My search began on Craigslist.org, the electronic meeting place of the house-hunting hungry. I scanned the lists, made mental notes, clicked with anxious abandon and whittled down the possibilities. After dozens of exchanged emails detailing general tastes and aversions, job descriptions, sexual orientation and (a decided lack of) social preferences, I set out on the hunt, with printouts from Mapquest trailing behind me.
I met a dizzying array of potential roommates. There was the chirpy woman who ushered me into her duplex, lined wall-to-wall with limp rag dolls. After pointing to her side of the refrigerator, with its colorful Tupperware neatly stacked in rows, versus her roommate's side, she opened the freezer and confided to me that "sometimes her food falls over onto my side--oh, but I forgive her." Or there was the young waiter, who had separated from his wife just weeks before and was considering reconciliation. As he carefully penned my personal information, the estranged wife waltzed in, eager to display her storebought goodies. "Okay," I thought, as she coyly modeled a cocktail dress with matching pumps, "What if she eventually moves back in?" To exacerbate the situation, my potential roommate asked if Metro could write a review of his restaurant.
Yes, I refused to live with a variety of people, but that rejection was based on a strong sense of home. And as a woman, I discovered, the odds were slightly against me. According to Leslie Parrott, founder of the Center for Relationship Development at Seattle Pacific University, women are much choosier than men when it comes to home. "Research and experience both indicate that women are more aware of their environment," Parrott says. "Men just see the home as functional, and more utilitarian." Add to that a few statistics: according to the U.S. Census Bureau, since 1970 the percentage of people aged 30-34 who had never married more than tripled, from 6 percent to 20 percent for women. Well, I'm a divorcee, but like my single brethren, I still need digs. And the competition is growing.

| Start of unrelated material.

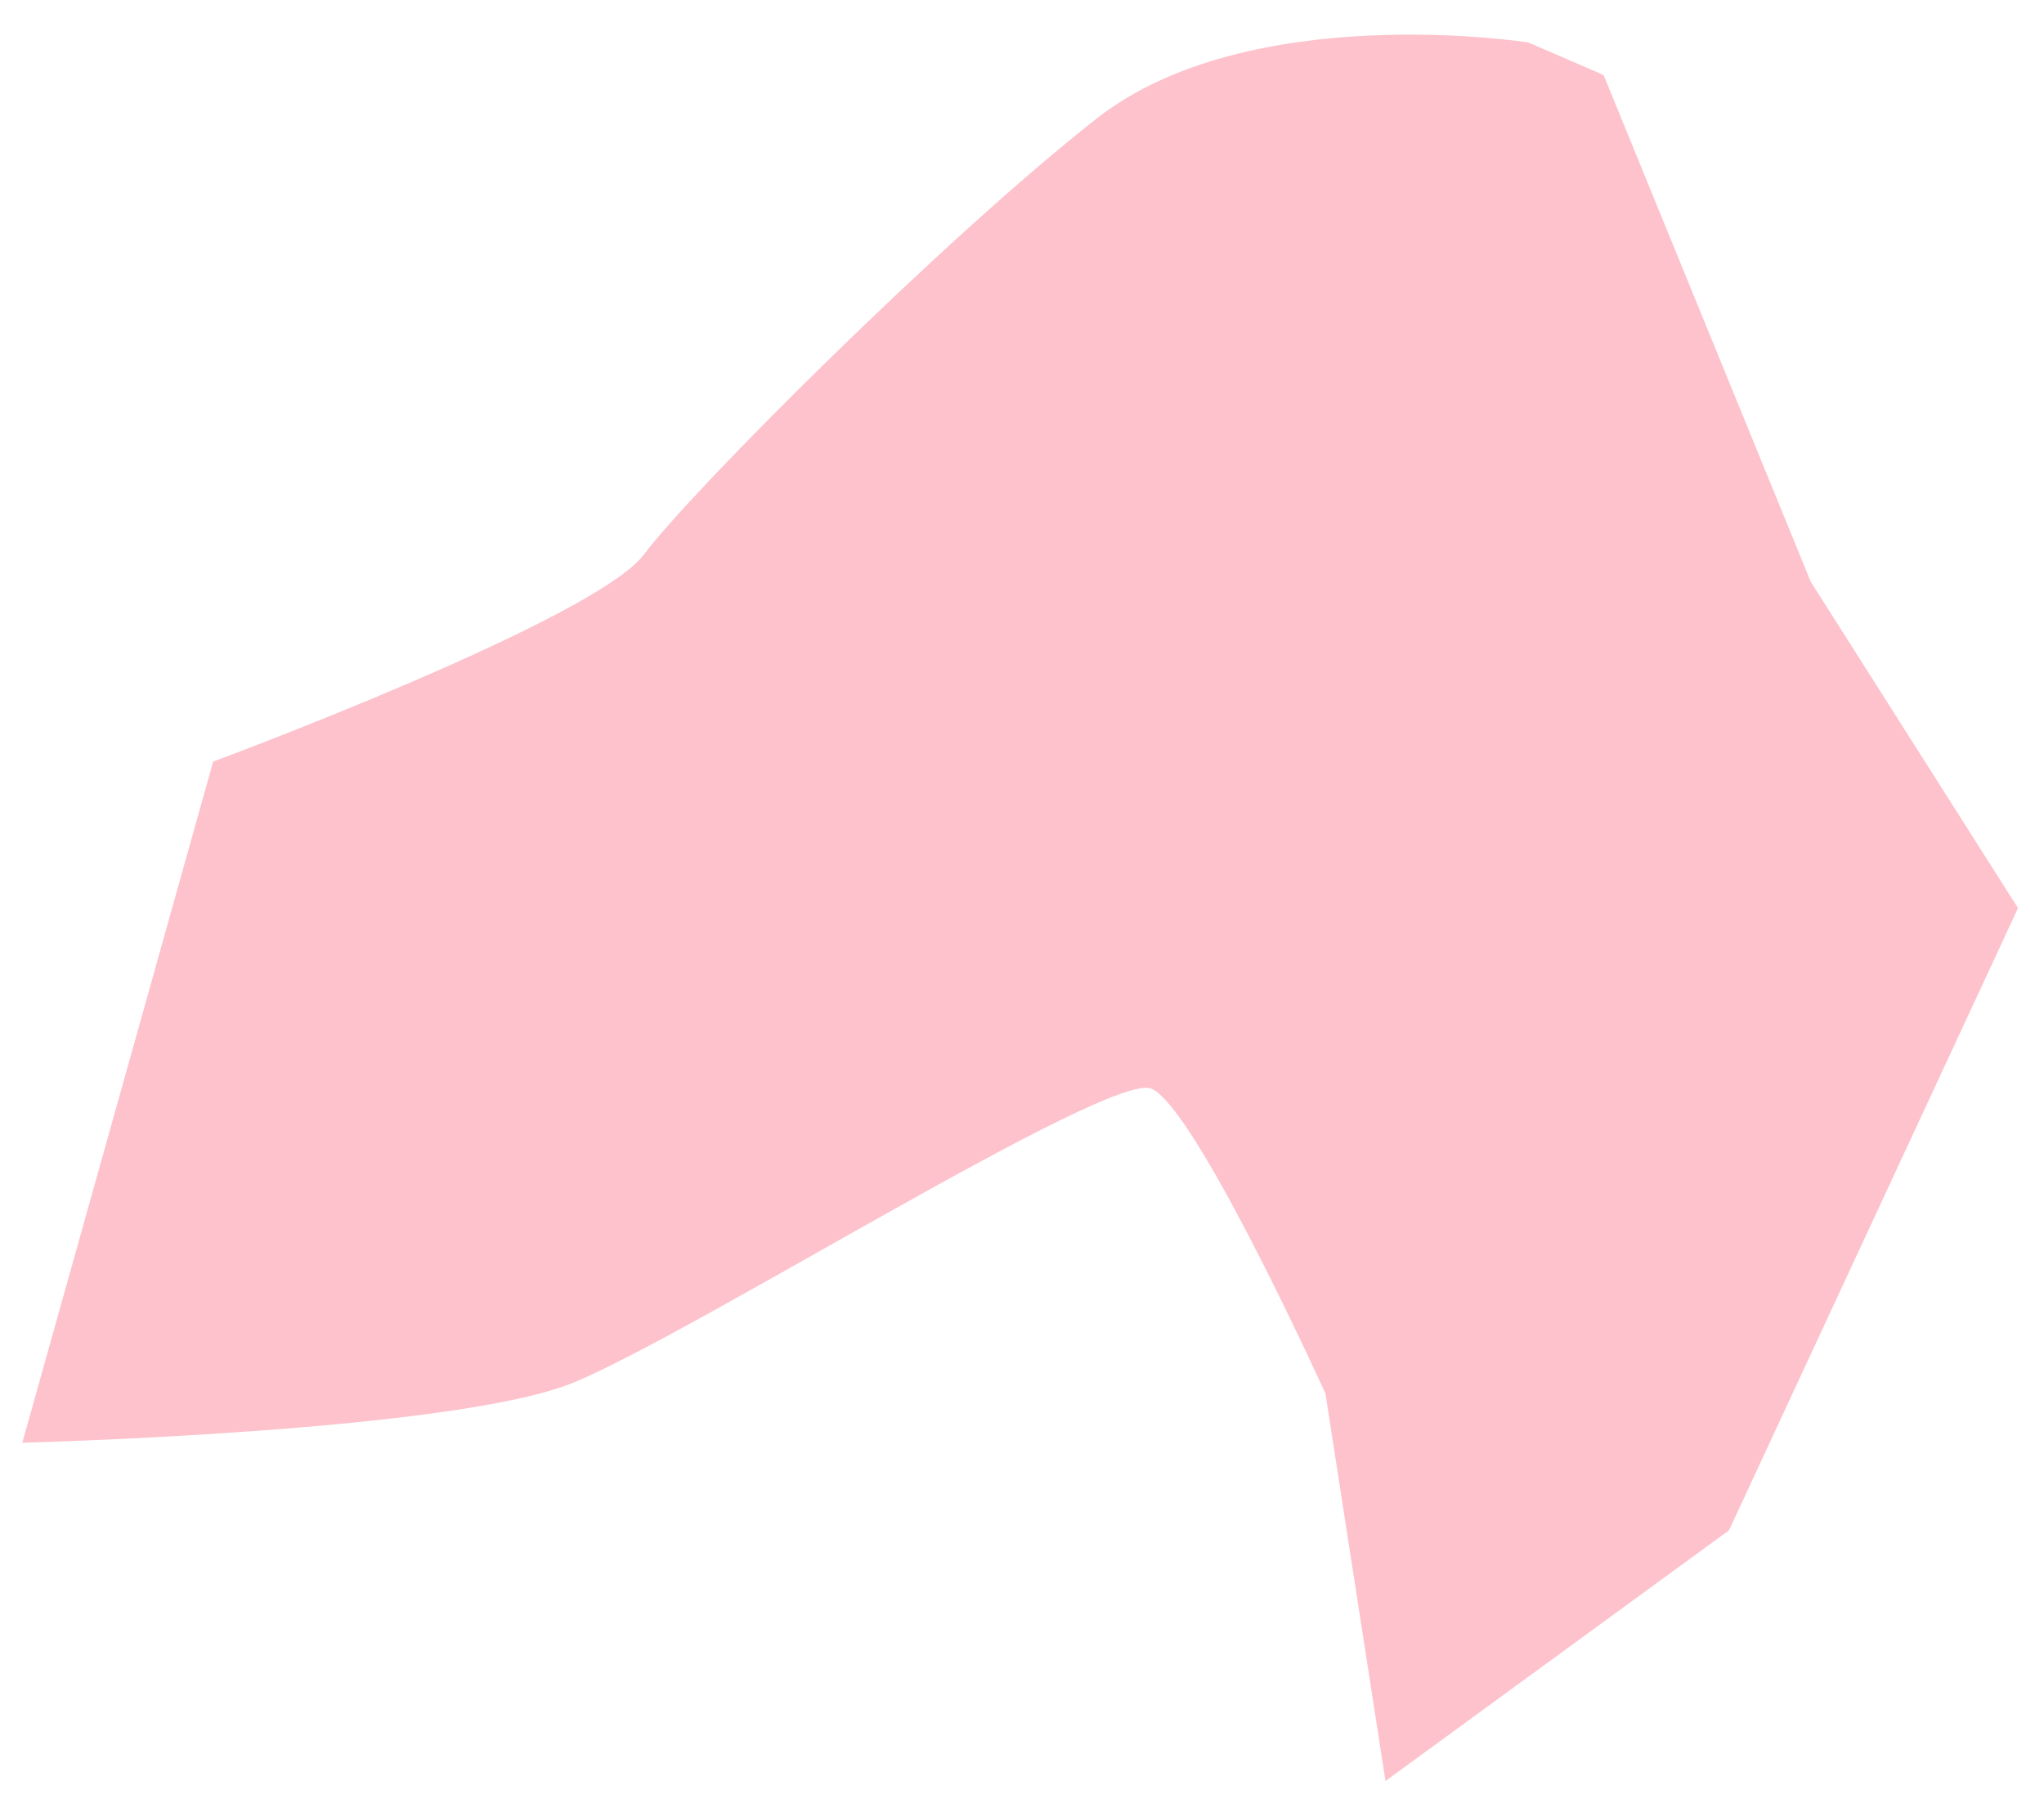 <svg width="50" height="44" viewBox="0 0 50 44" fill="none" xmlns="http://www.w3.org/2000/svg">
<path d="M49.364 22.21L42.294 37.429L33.891 43.56L32.424 34.087C32.424 34.087 29.586 27.823 28.364 26.762C28.305 26.702 28.234 26.655 28.156 26.624C27.089 26.224 16.952 32.621 14.017 33.82C11.083 35.02 0.546 35.286 0.546 35.286L5.214 18.628C5.214 18.628 14.551 15.162 15.751 13.563C16.952 11.964 23.087 5.834 26.822 2.902C30.557 -0.03 37.37 1.036 37.37 1.036L37.477 1.078L39.227 1.835L44.295 14.23L49.364 22.21Z" fill="#FDC2CC"/>
</svg>

Next, I dragged myself over to Bay Area Rentals, parted with 98 bucks and hoped for the best. The rental agency gave me a list of 30 or so properties that matched my criteria and, inspired by the hole in my wallet, I began working my way down the list. Ten minutes, and fifteen properties later, I had scored a big zero. Nothing was available; I felt deflated. Just minutes before, the paper in my hands seemed like gold. Now it seemed as worthless as toilet paper.
I tried the classified ads. I left messages in broken Spanish. I turned up for an open house that was ten applicants deep. I was turned away by weary landlords who received 60 applications in one day. I jockeyed for position.
I decided to look at Craigslist again, fearing that perhaps I had been too brash. As I culled through the postings I came across one that had been there several months before. The owner, it seemed, was having as much difficulty finding a roommate as I was finding a place to rest my head. "I am looking for a female roommate who can appreciate my needs for peace," he wrote, adding, "I like to wear little or no clothes in the summer, in a natural non-perverted way. Sense of humor a big plus." Well, my sense of humor was dampened by the chase--and it wasn't equipped to deal with casual nudity. Luckily, fate decided to pay me a visit the next day. I walked into work, checked my voicemail and, sure enough, I finally got an apartment.
So, do I feel lucky? Well, not exactly. But almost overnight I went from feeling like a jaded loser into feeling the calm confidence of a champion. I guess that's what having a sense of place--a real place--will do. But I feel like I earned every square foot of satisfaction.